Return each line below holding the string "linejoin".

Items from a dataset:
---
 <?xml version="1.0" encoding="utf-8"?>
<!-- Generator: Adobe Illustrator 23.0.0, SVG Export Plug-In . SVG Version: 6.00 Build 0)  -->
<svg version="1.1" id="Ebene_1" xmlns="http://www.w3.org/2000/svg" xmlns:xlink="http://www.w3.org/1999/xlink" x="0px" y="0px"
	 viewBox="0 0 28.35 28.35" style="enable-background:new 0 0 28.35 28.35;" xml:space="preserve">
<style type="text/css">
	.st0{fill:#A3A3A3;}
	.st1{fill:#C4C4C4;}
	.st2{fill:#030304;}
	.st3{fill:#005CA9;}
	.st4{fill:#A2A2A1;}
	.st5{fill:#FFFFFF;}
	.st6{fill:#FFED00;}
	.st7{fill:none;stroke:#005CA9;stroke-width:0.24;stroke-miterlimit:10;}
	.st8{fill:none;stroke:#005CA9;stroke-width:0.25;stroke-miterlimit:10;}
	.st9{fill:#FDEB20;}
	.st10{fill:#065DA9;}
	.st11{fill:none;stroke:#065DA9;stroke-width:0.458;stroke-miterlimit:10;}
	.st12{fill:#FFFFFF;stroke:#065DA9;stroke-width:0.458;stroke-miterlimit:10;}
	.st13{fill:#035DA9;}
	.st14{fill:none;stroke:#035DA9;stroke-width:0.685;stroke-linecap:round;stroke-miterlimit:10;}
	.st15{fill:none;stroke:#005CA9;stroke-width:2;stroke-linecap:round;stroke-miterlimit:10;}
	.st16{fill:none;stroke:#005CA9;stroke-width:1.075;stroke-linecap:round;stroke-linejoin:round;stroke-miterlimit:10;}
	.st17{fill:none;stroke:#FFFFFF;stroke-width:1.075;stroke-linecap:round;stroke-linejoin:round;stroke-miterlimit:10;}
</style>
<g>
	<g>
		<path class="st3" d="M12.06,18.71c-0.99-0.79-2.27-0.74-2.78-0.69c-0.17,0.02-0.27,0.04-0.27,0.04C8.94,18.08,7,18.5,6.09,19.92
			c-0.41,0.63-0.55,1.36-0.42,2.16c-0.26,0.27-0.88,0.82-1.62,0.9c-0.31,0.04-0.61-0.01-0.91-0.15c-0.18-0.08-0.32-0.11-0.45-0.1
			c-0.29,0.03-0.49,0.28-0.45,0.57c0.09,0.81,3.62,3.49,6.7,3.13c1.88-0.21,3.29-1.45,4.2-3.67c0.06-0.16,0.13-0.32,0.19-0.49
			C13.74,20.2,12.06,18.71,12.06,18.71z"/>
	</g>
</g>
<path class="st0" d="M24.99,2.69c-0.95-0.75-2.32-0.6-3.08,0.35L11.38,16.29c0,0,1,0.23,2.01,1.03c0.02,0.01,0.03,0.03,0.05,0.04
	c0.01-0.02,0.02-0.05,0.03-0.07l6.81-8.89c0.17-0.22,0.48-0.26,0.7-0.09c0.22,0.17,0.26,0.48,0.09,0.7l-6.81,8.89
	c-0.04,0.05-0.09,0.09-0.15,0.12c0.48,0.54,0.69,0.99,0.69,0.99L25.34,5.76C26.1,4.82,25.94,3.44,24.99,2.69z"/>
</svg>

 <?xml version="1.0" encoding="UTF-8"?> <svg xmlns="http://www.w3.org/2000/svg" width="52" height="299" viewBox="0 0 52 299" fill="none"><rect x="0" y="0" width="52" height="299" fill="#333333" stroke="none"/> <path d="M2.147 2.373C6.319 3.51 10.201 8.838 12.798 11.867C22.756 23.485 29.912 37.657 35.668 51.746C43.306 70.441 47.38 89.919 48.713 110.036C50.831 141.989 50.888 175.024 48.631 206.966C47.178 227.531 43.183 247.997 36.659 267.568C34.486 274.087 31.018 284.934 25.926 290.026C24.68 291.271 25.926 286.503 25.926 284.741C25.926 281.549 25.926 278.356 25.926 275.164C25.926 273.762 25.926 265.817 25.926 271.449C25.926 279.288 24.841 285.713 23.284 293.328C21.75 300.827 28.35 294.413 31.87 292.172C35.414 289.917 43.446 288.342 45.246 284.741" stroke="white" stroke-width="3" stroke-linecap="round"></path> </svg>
---
**ANSWER BELOW:**
	.st16{fill:none;stroke:#005CA9;stroke-width:1.075;stroke-linecap:round;stroke-linejoin:round;stroke-miterlimit:10;}
	.st17{fill:none;stroke:#FFFFFF;stroke-width:1.075;stroke-linecap:round;stroke-linejoin:round;stroke-miterlimit:10;}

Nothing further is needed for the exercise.